As we emerged from the pandemic, waiting lists were growing fast, and NHS staff were doing everything they could to meet the needs of their patients. GPs, in particular, have absorbed a huge amount of the pressure as patients endured long delays and cancellations with their hospital treatment. In August 2021 alone, GP practices in England saw five million more patients compared to the same month the previous year. And while all this was taking place, the government were busy pushing a Bill through Parliament which has fractured the NHS in England by breaking it into smaller units, and at the same time appeared to be running a campaign of abuse against the doctors. Things intensified so much that, as the Guardian reported, “Sajid Javid’s criticisms of how GPs work have fuelled a rise in verbal and physical attacks on them and their staff, the leader of Britain’s family doctors has claimed.”
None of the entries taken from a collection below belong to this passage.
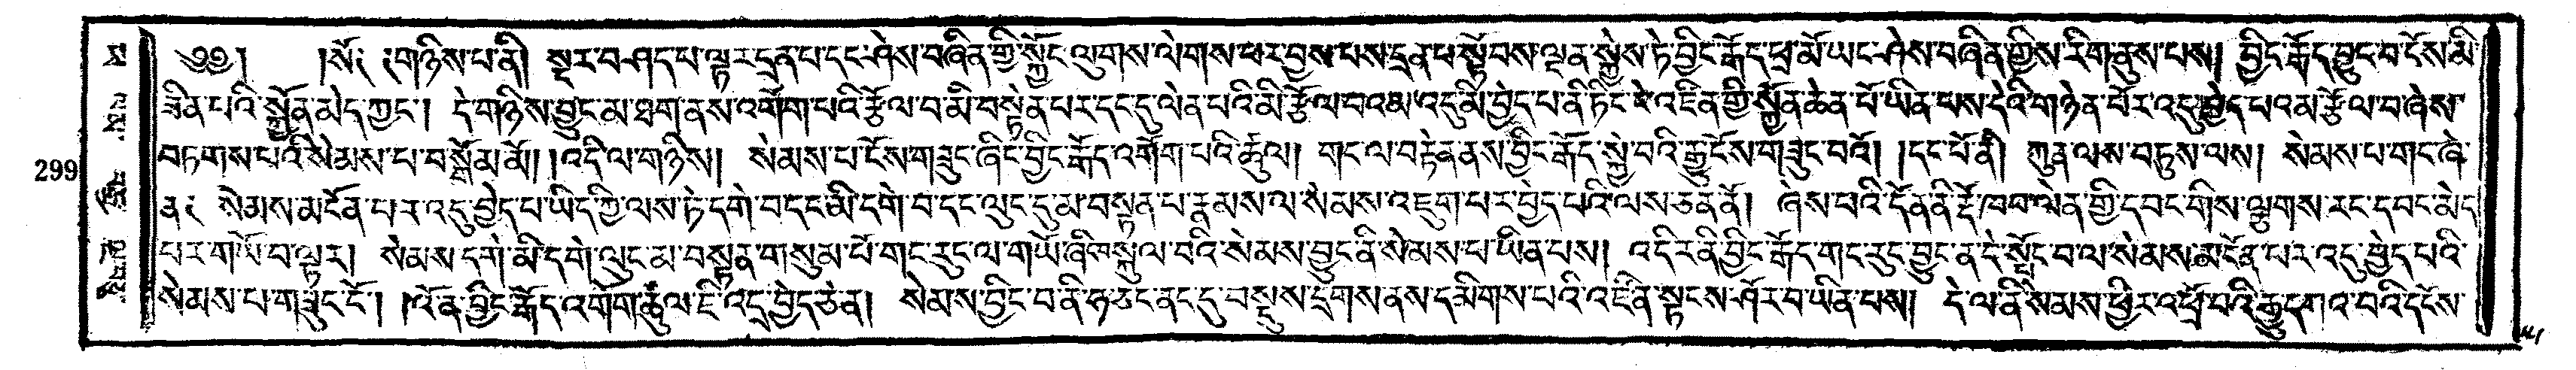༄༅། །སོ༑ ༑གཉིས་པ་ནི། སྔར་བཤད་པ་ལྟར་དྲན་པ་དང་ཤེས་བཞིན་གྱི་སྐྱོང་ལུགས་ལེགས་ཕར་བྱས་པས་དྲན་པ་སྟོབས་ལྡན་སྐྱེས་ཏེ་བྱིང་རྒོད་ཕྲ་མོ་ཡང་ཤེས་བཞིན་གྱིས་རིག་ནུས་པས། བྱིང་རྒོད་བྱུང་བ་ངོས་མི་
ཟིན་པའི་སྐྱོན་མེད་ཀྱང་། དེ་གཉིས་བྱུང་མ་ཐག་ནས་འགོག་པའི་རྩོལ་བ་མི་བསྟེན་པར་དང་དུ་ལེན་པའི་མི་རྩོལ་བའམ་འདུ་མི་བྱེད་པ་ནི་ཏིང་ངེ་འཛིན་གྱི་སྐྱོན་ཆེན་པོ་ཡིན་པས་དེའི་གཉེན་པོར་འདུ་བྱེད་པའམ་རྩོལ་བ་ཞེས་
བཏགས་པའི་སེམས་པ་བསྒོམ་མོ། །འདི་ལ་གཉིས། སེམས་པ་ངོས་གཟུང་ཞིང་བྱིང་རྒོད་འགོག་པའི་ཚུལ། གང་ལ་བརྟེན་ནས་རྒོད་སྐྱེ་བའི་རྒྱུ་ངོས་གཟུང་བའོ། །དང་པོ་ནི། ཀུན་ལས་བཏུས་ལས། སེམས་པ་གང་ཞེ་
ན༑ སེམས་མངོན་པར་འདུ་བྱེད་པ་ཡིད་ཀྱི་ལས་ཏེ་དགེ་བ་དང་མི་དགེ་བ་དང་ལུང་དུ་མ་བསྟན་པ་རྣམས་ལ་སེམས་འཇུག་པར་བྱེད་པའི་ལས་ཅན་ནོ། ཞེས་པའི་དོན་ནི་རྡོ་ཁབ་ལེན་གྱི་དབང་གིས་ལྕགས་རང་དབང་མེད་
པར་གཡོ་བ་ལྟར། སེམས་དགེ་མི་དགེ་ལུང་མ་བསྟན་གསུམ་པོ་གང་རུང་ལ་གཡོ་ཞིང་བསྐུལ་བའི་སེམས་བྱུང་ནི་སེམས་པ་ཡིན་པས། འདིར་ནི་བྱིང་རྒོད་གང་རུང་བྱུང་ན་དེ་སྤོང་བ་ལ་སེམས་མངོན་པར་འདུ་ཕྱེད་པའི་
སེམས་པ་གཟུང་ངོ ། །འོ་ན་བྱིང་རྒོད་འགོག་ཚུལ་ཇི་འདྲ་བྱེད་ཅེ་ན། སེམས་བྱིང་བ་ནི་ཧ་ཅང་ནང་དུ་བསྡུས་དྲགས་ནས་དམིགས་པའི་འཛིན་སྟངས་ཤོར་བ་ཡིན་པས། དེ་ལ་ནི་སེམས་ཕྱིར་འཕྲོ་བའི་རྒྱུ་དགའ་བའི་དངོས་

It has been extremely difficult for NHS staff to absorb rhetoric from politicians, and then to see it repeated in many privately-owned media outlets again and again until it takes on the impression of fact. Doctors have been accused of being lazy and work-shy, greedy or uncaring, and, of course, many patients are absorbing this rhetoric and sometimes repeating these lines back to their doctors. The public are deeply frustrated, often suffering, often anxious, and looking for someone to blame. Some politicians and media outlets have instructed them to blame doctors.
It’s ramped up recently, because of the widespread industrial action. But for most of the doctors I speak to, the strikes are not solely about pay; most are not striking out of personal interest alone. When they go to work it is an incredibly stressful place to be, because the service has been cut back so significantly. They lack the colleagues they need to make the service feel robust, and who made the care for patients feel holistic. When you cut budgets, cut services, and cut staff, you are also cutting away care. Everywhere in the NHS there is a background hum of pressure, and the NHS staff exist within this environment every single day. The waiting lists are inescapable and suffocating; they loom over so many people who are doing their best, but who are exhausted. Their efforts never feel quite enough.
Those who have worked in the NHS for a long time, who may have trained within the service, built the service, trained others, and been part of the fabric of this institution for many years, desperately want it to survive. They recognise its value as a fundamental part of our society, and they want working conditions to improve in order to attract more staff, build robust teams again, and provide good retention prospects to ensure sustainability within the service.
But staffing is threadbare and it’s getting worse. It can be difficult to reconcile this with the figures and spin offered up by the government themselves. In April 2023 they stated:
“There are a record number of doctors, nurses and other healthcare staff working in NHS trusts in England helping to deliver extra appointments, speed up diagnoses and tackle the Covid backlog…There are more than 1.27 million full-time equivalent staff working in NHS trusts in England. This is 51,500 more people compared to a year ago - an increase of 4.2%...There are over 5,300 more doctors and over 12,300 more nurses working in NHS trusts compared to February 2022.”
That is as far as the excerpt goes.